*WHAT NEEDS TO BE DONE*.
Leave the images behind and copy every record exactly.

Stored dataset items:
--
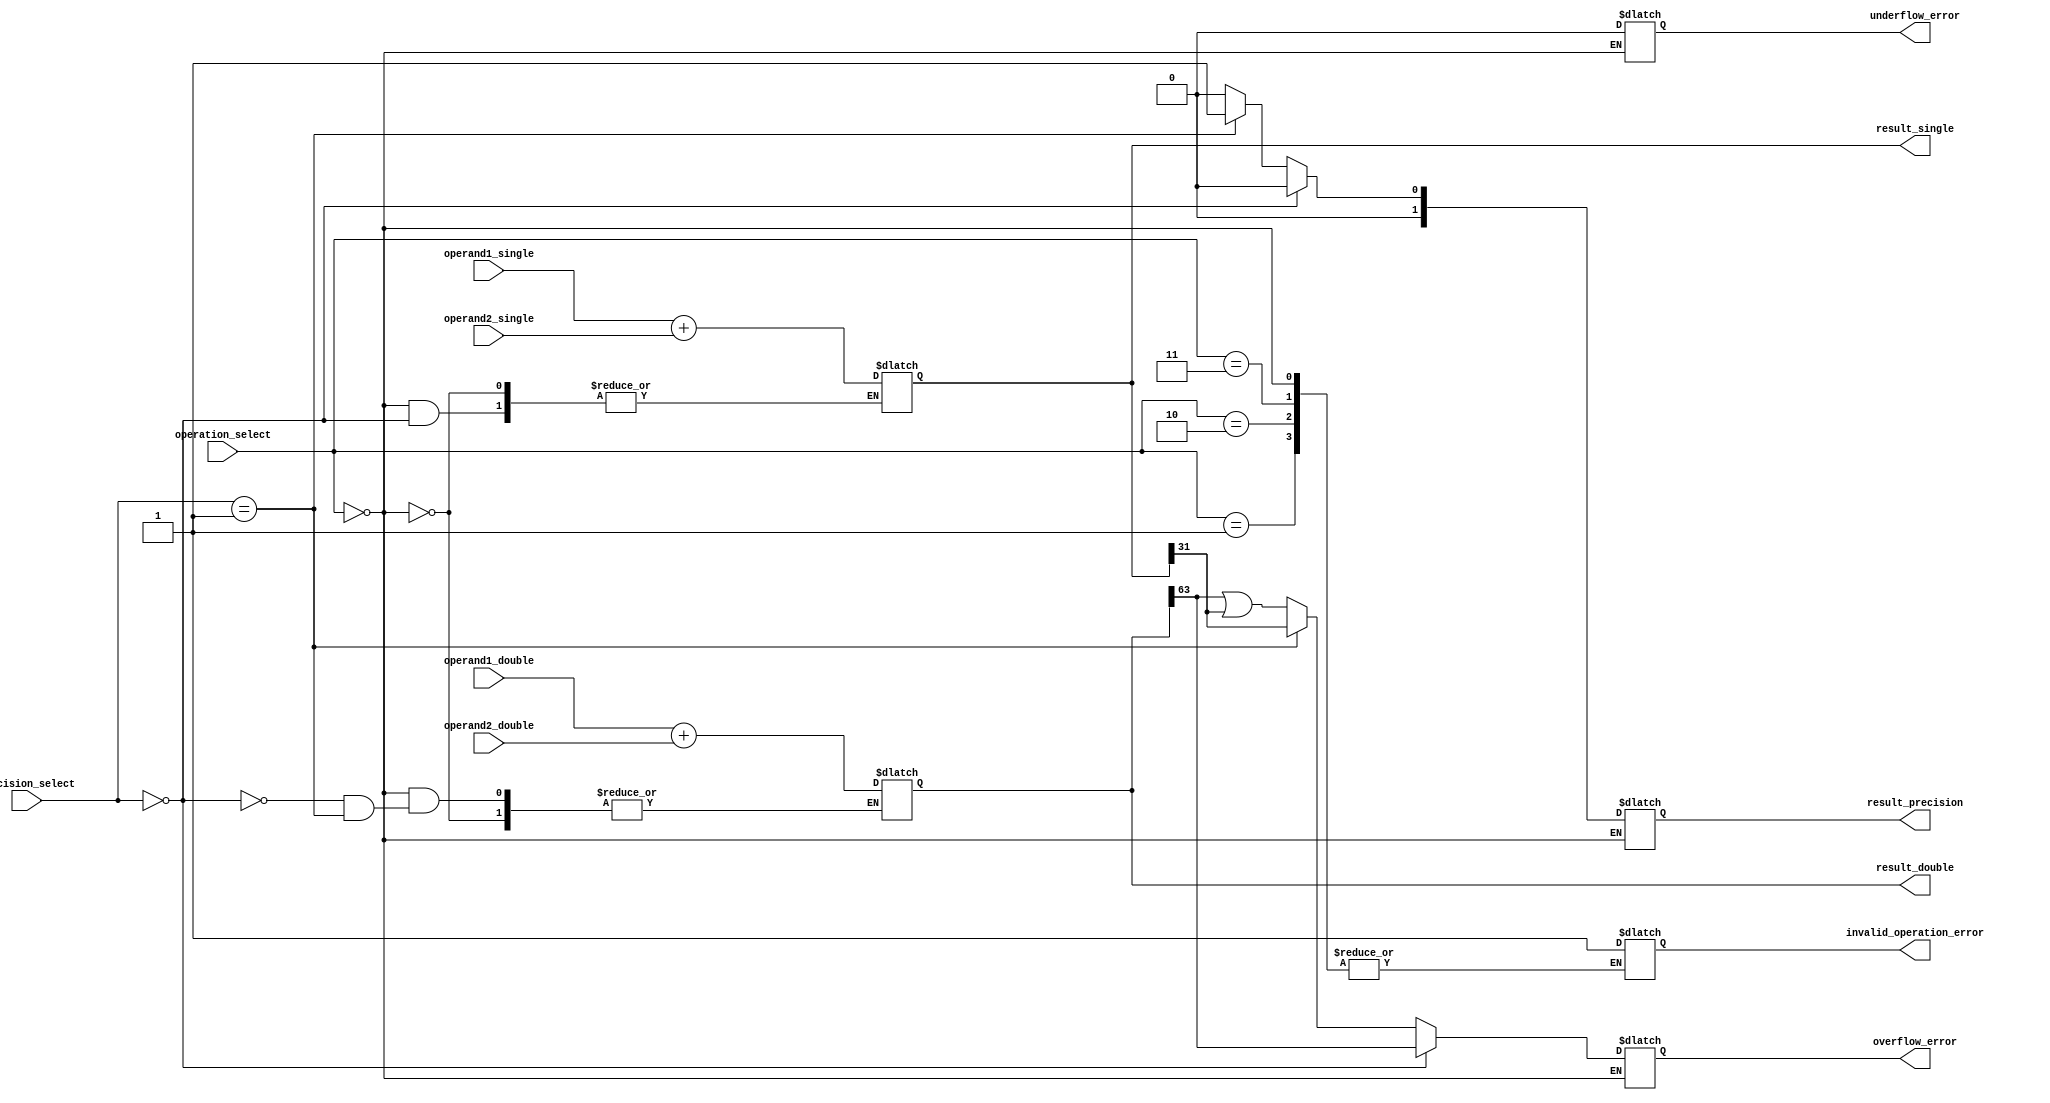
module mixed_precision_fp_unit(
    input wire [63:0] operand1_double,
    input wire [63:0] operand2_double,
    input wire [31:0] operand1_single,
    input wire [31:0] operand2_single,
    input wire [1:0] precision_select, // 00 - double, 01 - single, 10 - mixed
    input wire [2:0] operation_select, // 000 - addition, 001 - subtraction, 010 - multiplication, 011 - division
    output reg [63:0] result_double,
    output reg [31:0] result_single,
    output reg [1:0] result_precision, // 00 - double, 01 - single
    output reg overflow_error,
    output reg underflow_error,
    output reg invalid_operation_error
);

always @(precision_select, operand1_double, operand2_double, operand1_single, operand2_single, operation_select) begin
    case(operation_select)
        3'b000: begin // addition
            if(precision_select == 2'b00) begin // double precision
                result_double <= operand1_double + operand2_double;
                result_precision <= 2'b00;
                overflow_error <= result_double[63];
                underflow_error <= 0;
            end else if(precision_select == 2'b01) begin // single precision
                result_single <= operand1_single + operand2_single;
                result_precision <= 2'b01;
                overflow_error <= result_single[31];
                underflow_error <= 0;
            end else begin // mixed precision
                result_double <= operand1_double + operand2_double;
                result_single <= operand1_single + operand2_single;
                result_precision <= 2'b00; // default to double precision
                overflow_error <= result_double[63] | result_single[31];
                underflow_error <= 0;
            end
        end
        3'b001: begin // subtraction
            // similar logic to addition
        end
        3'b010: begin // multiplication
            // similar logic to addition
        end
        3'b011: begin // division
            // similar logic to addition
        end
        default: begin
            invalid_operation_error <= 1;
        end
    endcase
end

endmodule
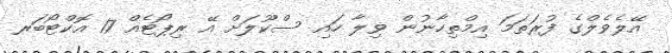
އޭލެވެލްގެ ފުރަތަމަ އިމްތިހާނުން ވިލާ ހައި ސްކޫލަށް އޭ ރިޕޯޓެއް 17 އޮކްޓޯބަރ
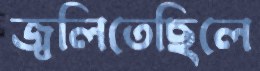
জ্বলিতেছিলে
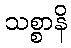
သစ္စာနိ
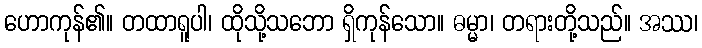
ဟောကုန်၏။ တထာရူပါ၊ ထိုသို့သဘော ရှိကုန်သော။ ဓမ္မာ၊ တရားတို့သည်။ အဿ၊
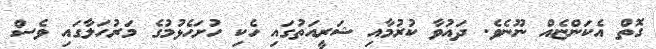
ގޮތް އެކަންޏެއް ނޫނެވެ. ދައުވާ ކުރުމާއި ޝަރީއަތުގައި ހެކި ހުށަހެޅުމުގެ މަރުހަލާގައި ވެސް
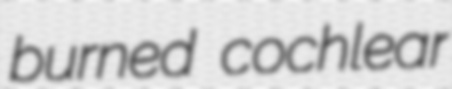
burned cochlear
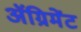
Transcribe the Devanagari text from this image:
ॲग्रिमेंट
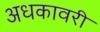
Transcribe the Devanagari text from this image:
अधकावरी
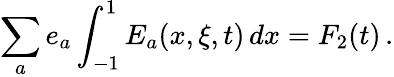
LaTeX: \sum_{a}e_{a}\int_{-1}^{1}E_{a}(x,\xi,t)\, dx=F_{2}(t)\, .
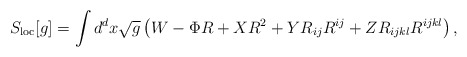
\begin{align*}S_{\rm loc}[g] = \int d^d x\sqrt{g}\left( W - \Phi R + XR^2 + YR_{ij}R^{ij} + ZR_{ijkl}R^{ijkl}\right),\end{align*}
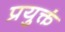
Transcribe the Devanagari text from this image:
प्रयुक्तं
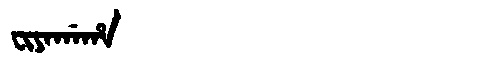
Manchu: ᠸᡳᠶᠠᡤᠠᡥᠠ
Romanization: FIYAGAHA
--
*SOLVED EXERCISE*.
module mixed_precision_fp_unit(
    input wire [63:0] operand1_double,
    input wire [63:0] operand2_double,
    input wire [31:0] operand1_single,
    input wire [31:0] operand2_single,
    input wire [1:0] precision_select, // 00 - double, 01 - single, 10 - mixed
    input wire [2:0] operation_select, // 000 - addition, 001 - subtraction, 010 - multiplication, 011 - division
    output reg [63:0] result_double,
    output reg [31:0] result_single,
    output reg [1:0] result_precision, // 00 - double, 01 - single
    output reg overflow_error,
    output reg underflow_error,
    output reg invalid_operation_error
);

always @(precision_select, operand1_double, operand2_double, operand1_single, operand2_single, operation_select) begin
    case(operation_select)
        3'b000: begin // addition
            if(precision_select == 2'b00) begin // double precision
                result_double <= operand1_double + operand2_double;
                result_precision <= 2'b00;
                overflow_error <= result_double[63];
                underflow_error <= 0;
            end else if(precision_select == 2'b01) begin // single precision
                result_single <= operand1_single + operand2_single;
                result_precision <= 2'b01;
                overflow_error <= result_single[31];
                underflow_error <= 0;
            end else begin // mixed precision
                result_double <= operand1_double + operand2_double;
                result_single <= operand1_single + operand2_single;
                result_precision <= 2'b00; // default to double precision
                overflow_error <= result_double[63] | result_single[31];
                underflow_error <= 0;
            end
        end
        3'b001: begin // subtraction
            // similar logic to addition
        end
        3'b010: begin // multiplication
            // similar logic to addition
        end
        3'b011: begin // division
            // similar logic to addition
        end
        default: begin
            invalid_operation_error <= 1;
        end
    endcase
end

endmodule
އޭލެވެލްގެ ފުރަތަމަ އިމްތިހާނުން ވިލާ ހައި ސްކޫލަށް އޭ ރިޕޯޓެއް 17 އޮކްޓޯބަރ
জ্বলিতেছিলে
သစ္စာနိ
ဟောကုန်၏။ တထာရူပါ၊ ထိုသို့သဘော ရှိကုန်သော။ ဓမ္မာ၊ တရားတို့သည်။ အဿ၊
ގޮތް އެކަންޏެއް ނޫނެވެ. ދައުވާ ކުރުމާއި ޝަރީއަތުގައި ހެކި ހުށަހެޅުމުގެ މަރުހަލާގައި ވެސް
burned cochlear
Transcribe the Devanagari text from this image:
ॲग्रिमेंट
Transcribe the Devanagari text from this image:
अधकावरी
LaTeX: \sum_{a}e_{a}\int_{-1}^{1}E_{a}(x,\xi,t)\, dx=F_{2}(t)\, .
\begin{align*}S_{\rm loc}[g] = \int d^d x\sqrt{g}\left( W - \Phi R + XR^2 + YR_{ij}R^{ij} + ZR_{ijkl}R^{ijkl}\right),\end{align*}
Transcribe the Devanagari text from this image:
प्रयुक्तं
Manchu: ᠸᡳᠶᠠᡤᠠᡥᠠ
Romanization: FIYAGAHA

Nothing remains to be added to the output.